▶ [Your task] Leave the pictures aside and copy all the data exactly.
*** Data for processing Section Begins ***
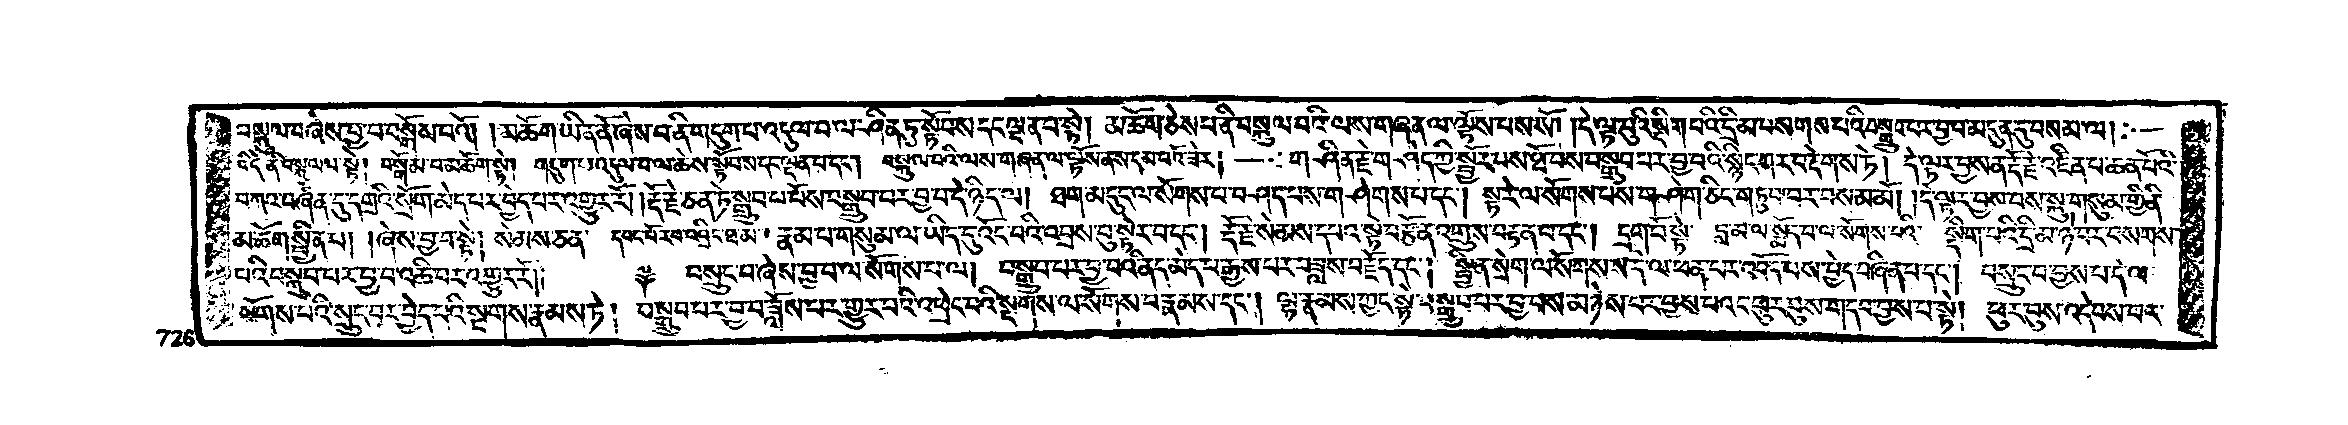བསྐུལ་བ་ཞེས་བྱ་བ་བསྒོམ་པའོ། །མཆོག་ཡིན་ནོ་ཞེས་པ་ནི་གདུག་པ་འདུལ་བ་ལ་ཤིན་ཏུ་སྟོབས་དང་ལྡན་པ་སྟེ། མཆོག་ཅེས་པ་ནི་བསྐུལ་བའི་ལས་གཞན་ལ་ལྟོས་པས་སོ། །དེ་ལྟ་བུའི་སྡིག་པའི་དྲི་མ་བསགས་པའི་བསྒྲུབ་པར་བྱ་བ་མདུན་དུ་བསམ་ལ། H.
པ་ཚབ་འདི་ནི་བསྐལ་པ་སྟེ། བསྒོམ་པ་མཆོག་སྟེ། གདུག་པ་འདུལ་བ་ལ་ཆེས་སྟོབས་དང་ལྡན་པ་དང་། བསྐུལ་བའི་ལས་གཞན་ལ་ལྟོས་ནས་དམ་པའོ་ཟེར། .H གཤིན་རྗེ་གཤེད་ཀྱི་སྦྱོར་བས་ཐོ་བས་བསྒྲུབ་པར་བྱ་བའི་སྙིང་གར་བརྡོགས་ཏེ། དེ་ལྟར་བྱས་ན་རྡོ་རྗེ་འཛིན་པ་ཆེན་པོའི་
བཀའ་བཞིན་དུ་དགྲའི་སྲོག་མེད་པར་བྱད་པར་འགྱུར་རོ། །རྡོ་རྗེ་ཅན་ཏེ་སྒྲུབ་པ་པོས་བསྒྲུབ་པར་བྱ་བ་དེ་ཉིད་ལ། ཐག་མདུང་ལ་སོགས་པ་བཤད་པས་གཤེགས་པ་དང་། སྟ་རེ་ལ་སོགས་པས་གཤེག་ཅིང་གཏུབ་པར་བསམ་མོ། །དེ་ལྟར་བྱས་པས་སྐུ་གསུམ་གྱི་ནི་
མཆོག་སྦྱིན་པ། །ཞེས་བྱ་བ་སྟེ། སེམས་ཅན་དབང་པོ་རབ་འབྲིང་ཐ་མ་རྣམ་པ་གསུམ་ལ་ཡིད་དུ་འོང་བའི་འབྲས་བུ་སྟེར་བ་དང་། རྡོ་རྗེ་སེམས་དཔའ་སྟེ་བརྩོན་འགྲུས་བརྟན་པ་དང་། དྲག་པོ་སྟེ་བླ་མ་ལ་སྨོད་པ་ལ་སོགས་པའི་སྡིག་པའི་དྲི་མ་ཉེ་བར་བསགས་
པའི་བསྒྲུབ་པར་བྱ་བ་འཆི་བར་འགྱུར་རོ།། ༈ བསྲུང་བ་ཞེས་བྱ་བ་ལ་སོགས་པ་ལ། བསྒྲུབ་པར་བྱ་བའི་ནད་མེད་པ་རྒྱས་པར་བཟླས་བརྗོད་དང་། སྦྱིན་སྲོག་ལ་སོགས་པ་དེ་ལ་ཕན་པར་འདོད་པས་བྱེད་བཞིན་པ་དང་། བསྲུང་བ་བྱས་པ་དེ་ལ་
སོགས་པའི་སྲུང་བར་བྱེད་པའི་སྔགས་རྣམས་ཏེ། བསྒྲུབ་པར་བྱ་བ་ཟློས་པར་གྱུར་པའི་འཕྲེང་བའི་སྔགས་ལ་སོགས་པ་རྣམས་དང་། ལྷ་རྣམས་ཀྱང་སྟེ་བསྒྲུབ་པར་བྱ་བས་མཉེས་པར་བྱས་པའང་ཕུར་བྱས་གདབ་བྱས་པ་སྟེ། ཕུར་བུས་འདེབས་པར་
*** Data for processing Section Ends ***
▶ [Result]
བསྐུལ་བ་ཞེས་བྱ་བ་བསྒོམ་པའོ། །མཆོག་ཡིན་ནོ་ཞེས་པ་ནི་གདུག་པ་འདུལ་བ་ལ་ཤིན་ཏུ་སྟོབས་དང་ལྡན་པ་སྟེ། མཆོག་ཅེས་པ་ནི་བསྐུལ་བའི་ལས་གཞན་ལ་ལྟོས་པས་སོ། །དེ་ལྟ་བུའི་སྡིག་པའི་དྲི་མ་བསགས་པའི་བསྒྲུབ་པར་བྱ་བ་མདུན་དུ་བསམ་ལ། H.
པ་ཚབ་འདི་ནི་བསྐལ་པ་སྟེ། བསྒོམ་པ་མཆོག་སྟེ། གདུག་པ་འདུལ་བ་ལ་ཆེས་སྟོབས་དང་ལྡན་པ་དང་། བསྐུལ་བའི་ལས་གཞན་ལ་ལྟོས་ནས་དམ་པའོ་ཟེར། .H གཤིན་རྗེ་གཤེད་ཀྱི་སྦྱོར་བས་ཐོ་བས་བསྒྲུབ་པར་བྱ་བའི་སྙིང་གར་བརྡོགས་ཏེ། དེ་ལྟར་བྱས་ན་རྡོ་རྗེ་འཛིན་པ་ཆེན་པོའི་
བཀའ་བཞིན་དུ་དགྲའི་སྲོག་མེད་པར་བྱད་པར་འགྱུར་རོ། །རྡོ་རྗེ་ཅན་ཏེ་སྒྲུབ་པ་པོས་བསྒྲུབ་པར་བྱ་བ་དེ་ཉིད་ལ། ཐག་མདུང་ལ་སོགས་པ་བཤད་པས་གཤེགས་པ་དང་། སྟ་རེ་ལ་སོགས་པས་གཤེག་ཅིང་གཏུབ་པར་བསམ་མོ། །དེ་ལྟར་བྱས་པས་སྐུ་གསུམ་གྱི་ནི་
མཆོག་སྦྱིན་པ། །ཞེས་བྱ་བ་སྟེ། སེམས་ཅན་དབང་པོ་རབ་འབྲིང་ཐ་མ་རྣམ་པ་གསུམ་ལ་ཡིད་དུ་འོང་བའི་འབྲས་བུ་སྟེར་བ་དང་། རྡོ་རྗེ་སེམས་དཔའ་སྟེ་བརྩོན་འགྲུས་བརྟན་པ་དང་། དྲག་པོ་སྟེ་བླ་མ་ལ་སྨོད་པ་ལ་སོགས་པའི་སྡིག་པའི་དྲི་མ་ཉེ་བར་བསགས་
པའི་བསྒྲུབ་པར་བྱ་བ་འཆི་བར་འགྱུར་རོ།། ༈ བསྲུང་བ་ཞེས་བྱ་བ་ལ་སོགས་པ་ལ། བསྒྲུབ་པར་བྱ་བའི་ནད་མེད་པ་རྒྱས་པར་བཟླས་བརྗོད་དང་། སྦྱིན་སྲོག་ལ་སོགས་པ་དེ་ལ་ཕན་པར་འདོད་པས་བྱེད་བཞིན་པ་དང་། བསྲུང་བ་བྱས་པ་དེ་ལ་
སོགས་པའི་སྲུང་བར་བྱེད་པའི་སྔགས་རྣམས་ཏེ། བསྒྲུབ་པར་བྱ་བ་ཟློས་པར་གྱུར་པའི་འཕྲེང་བའི་སྔགས་ལ་སོགས་པ་རྣམས་དང་། ལྷ་རྣམས་ཀྱང་སྟེ་བསྒྲུབ་པར་བྱ་བས་མཉེས་པར་བྱས་པའང་ཕུར་བྱས་གདབ་བྱས་པ་སྟེ། ཕུར་བུས་འདེབས་པར་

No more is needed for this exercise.